21. The method of claim 18, further including the step of providing the one or more sub-sections of the output image to a neural network acting as a sub-discriminator;
wherein the neural network acting as a sub-discriminator outputs one or more values associated with the one or more sub-sections of the output image, each value indicating the likelihood that the corresponding sub-section of the output image is a fake sub-section; and the differences between the output image and the input training image is additionally determined based on the output of the neural network acting as a sub-discriminator; and back-propagation of the gradient of the loss function is additionally used to update the parameters of the neural network acting as a sub-discriminator.
22. The method of claim 21, wherein the one or more sub-sections of the output image are determined by sampling the probability distribution.
23. The method of claim 21, wherein two to five sub-sections of the output image are provided to the neural network acting as a sub-discriminator, preferably wherein three sub-sections of the output image are provided.
24. The method of claim 18, wherein the neural network acting as a discriminator additionally receives the quantized latent as an input.
25. The method of claim 19, further comprising the steps of, after the output of the neural network acting as a discriminator is converted to a probability distribution:
sampling the probability distribution to select a sub-section of the output image; encoding the corresponding sub-section of the input image to the selected sub-section of the output image using the first neural network to produce a sub-latent representation; performing a quantization process on the sub-latent representation to produce a quantized sub-latent;
decoding the quantized sub-latent using a second neural network to produce an output sub-image, wherein the output sub-image is an approximation of the sub-section of the input image;
wherein the evaluation of the loss function and back propagation of the gradient of the loss function to update the parameters of the neural networks is performed based on the output sub-image and the sub-section of the input image.

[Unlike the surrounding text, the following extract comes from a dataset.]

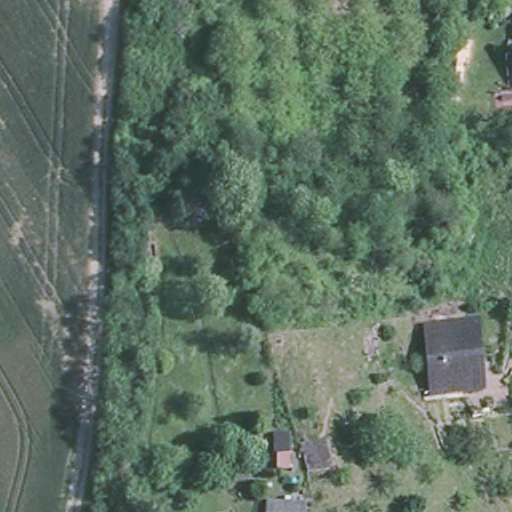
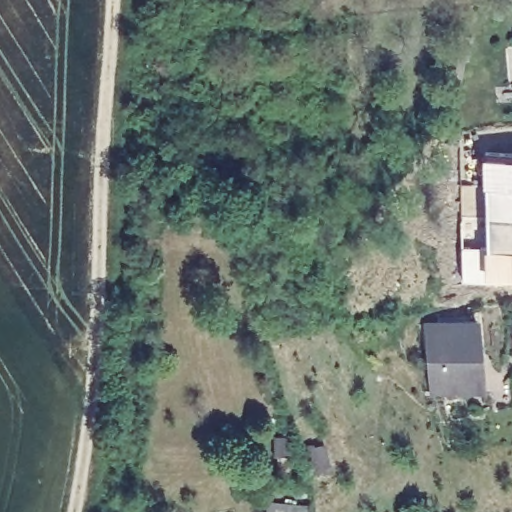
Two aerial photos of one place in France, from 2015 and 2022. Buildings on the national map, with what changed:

26. A method for lossy image or video encoding, transmission and decoding, the method comprising the steps of:
receiving an input image at a first computer system;
encoding the first input training image using a first trained neural network to produce a latent representation;
performing a quantization process on the latent representation to produce a quantized latent;
transmitting the quantized latent to a second computer system; and
decoding the quantized latent using a second trained neural network to produce an output image, wherein the output image is an approximation of the input training image; wherein the first trained neural network and the second trained neural network have been trained according to the method of claim 18.
27-28. (canceled)
29. A data processing system configured to perform the method of claim 18.